Lundi, Netanyahu s’est tenu à côté de Trump à la Knesset et a déclaré en anglais que la guerre était terminée, quelques heures seulement après avoir assuré aux Israéliens en hébreu que la campagne génocidaire à Gaza se poursuivrait. « Nous avons remporté d’énormes victoires, mais la campagne n’est pas terminée ; une partie de nos ennemis essaie de s’en remettre”, a-t-il déclaré à la Douzième chaîne. Comme l’a averti vendredi Eran Etzion, ancien chef adjoint du Conseil de sécurité nationale d’Israël, « Netanyahu est toujours intéressé à faire tout ce qu’il peut pour ne pas respecter cet accord [de cessez-le-feu] ».
À un niveau plus fondamental, les prochaines phases du plan de Trump pour Gaza partagent le cadre de base de toutes les grandes initiatives de paix depuis les accords d’Oslo : les désirs israéliens sont concentrés en amont et garantis ; Les besoins palestiniens sont reconnus, mais ne sont pas engagés.

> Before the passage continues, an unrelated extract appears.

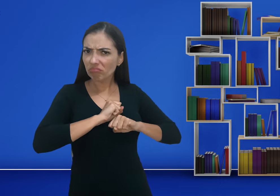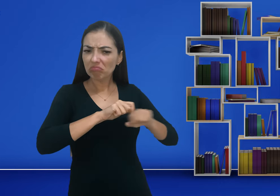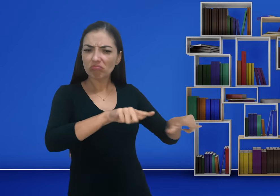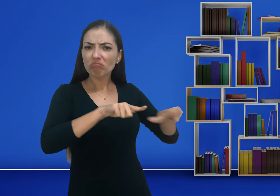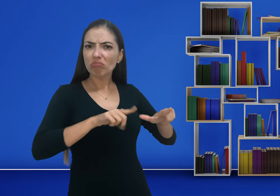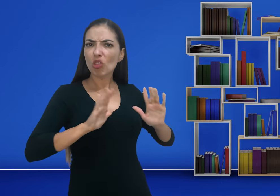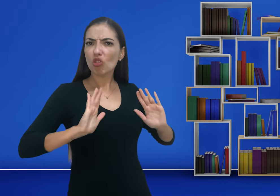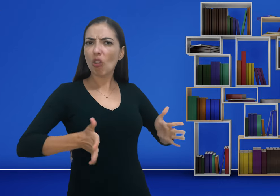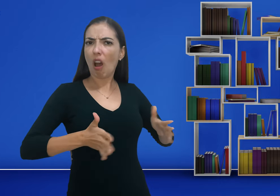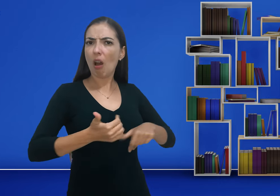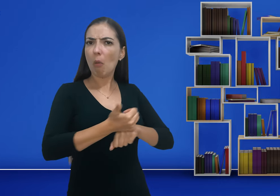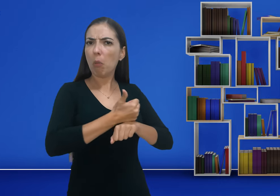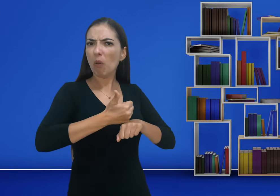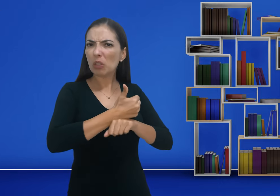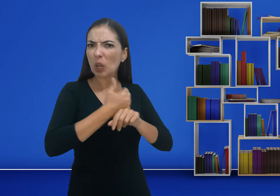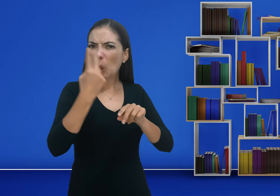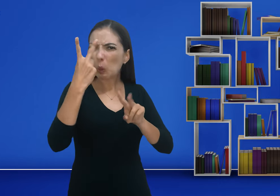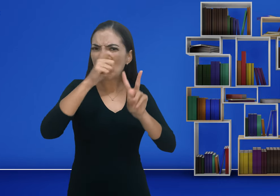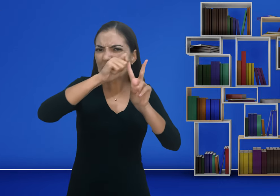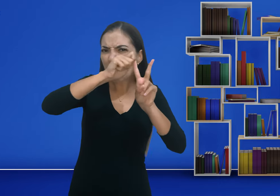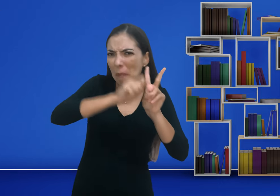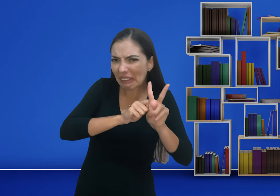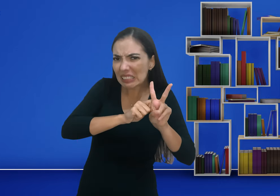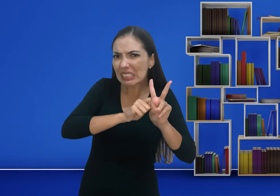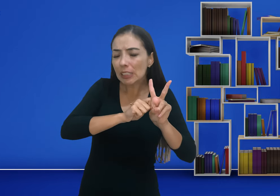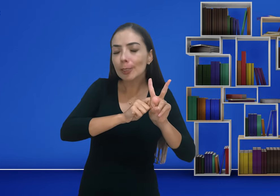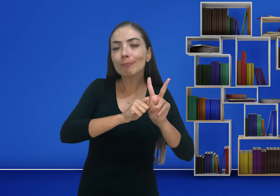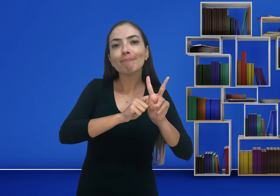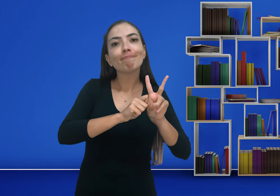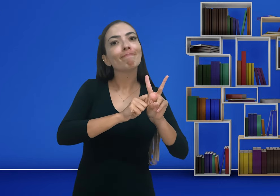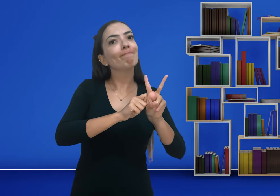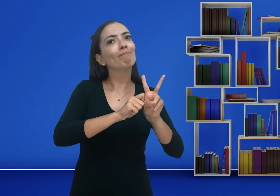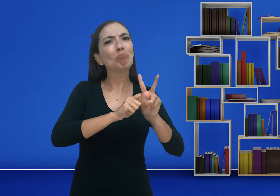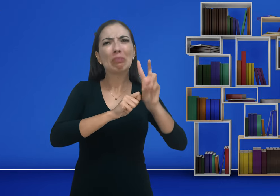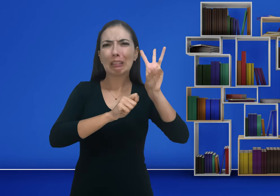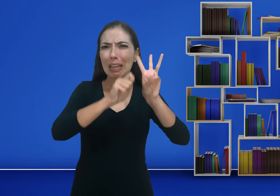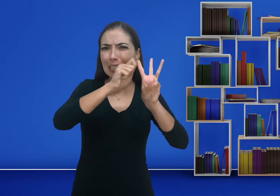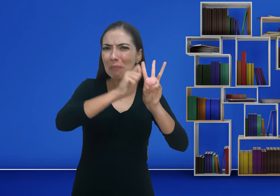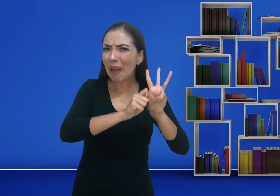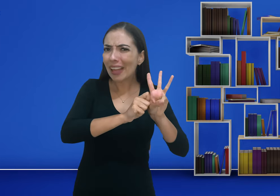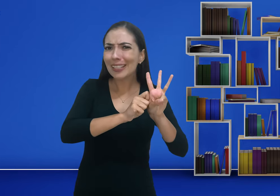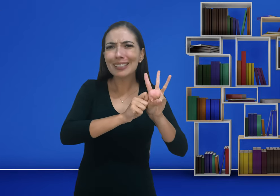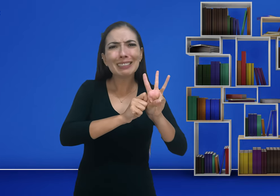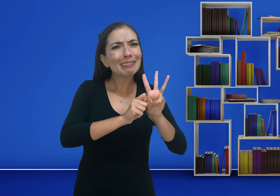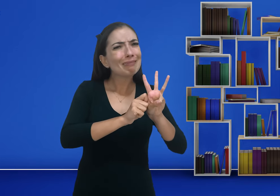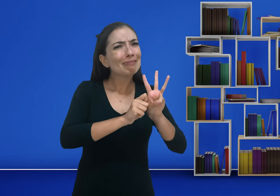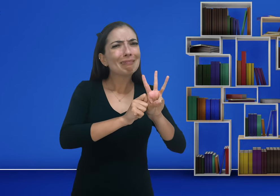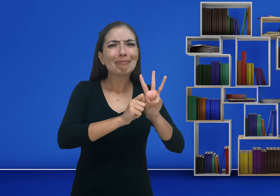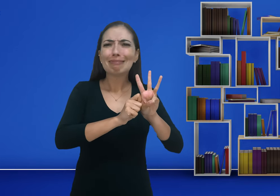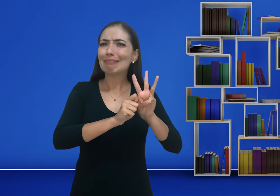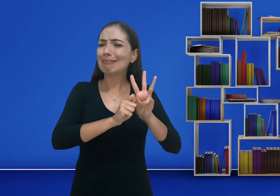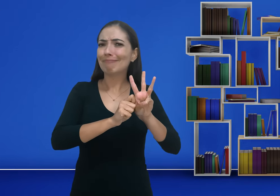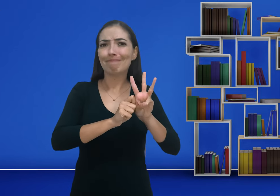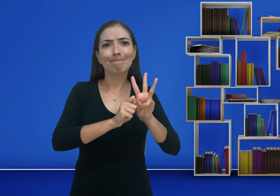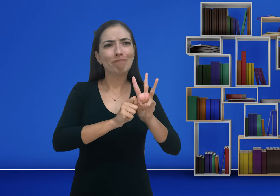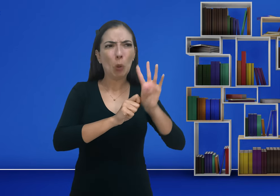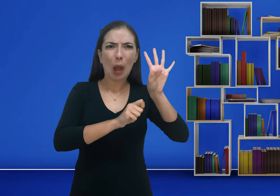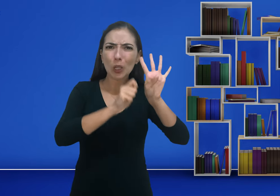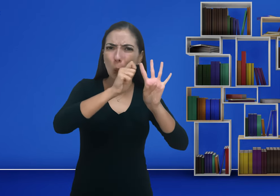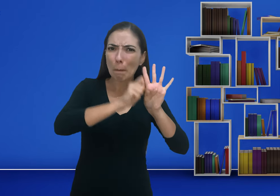Consigo meu certificado de profissional na área da Libras? Três meses? Quatro meses?

Selon le plan, les prisonniers israéliens devaient être libérés immédiatement, et le Hamas désarmé et expulsé. Pendant ce temps, environ 8 000 prisonniers palestiniens continueront de se trouver dans les prisons israéliennes, où beaucoup ont été battus, violés et affamés. La question de l’autodéfense palestinienne n’est pas du tout traitée, et « l’autodétermination » est mentionnée dans l’abstrait. Cette formule a échoué dans le passé, et elle échouera à nouveau.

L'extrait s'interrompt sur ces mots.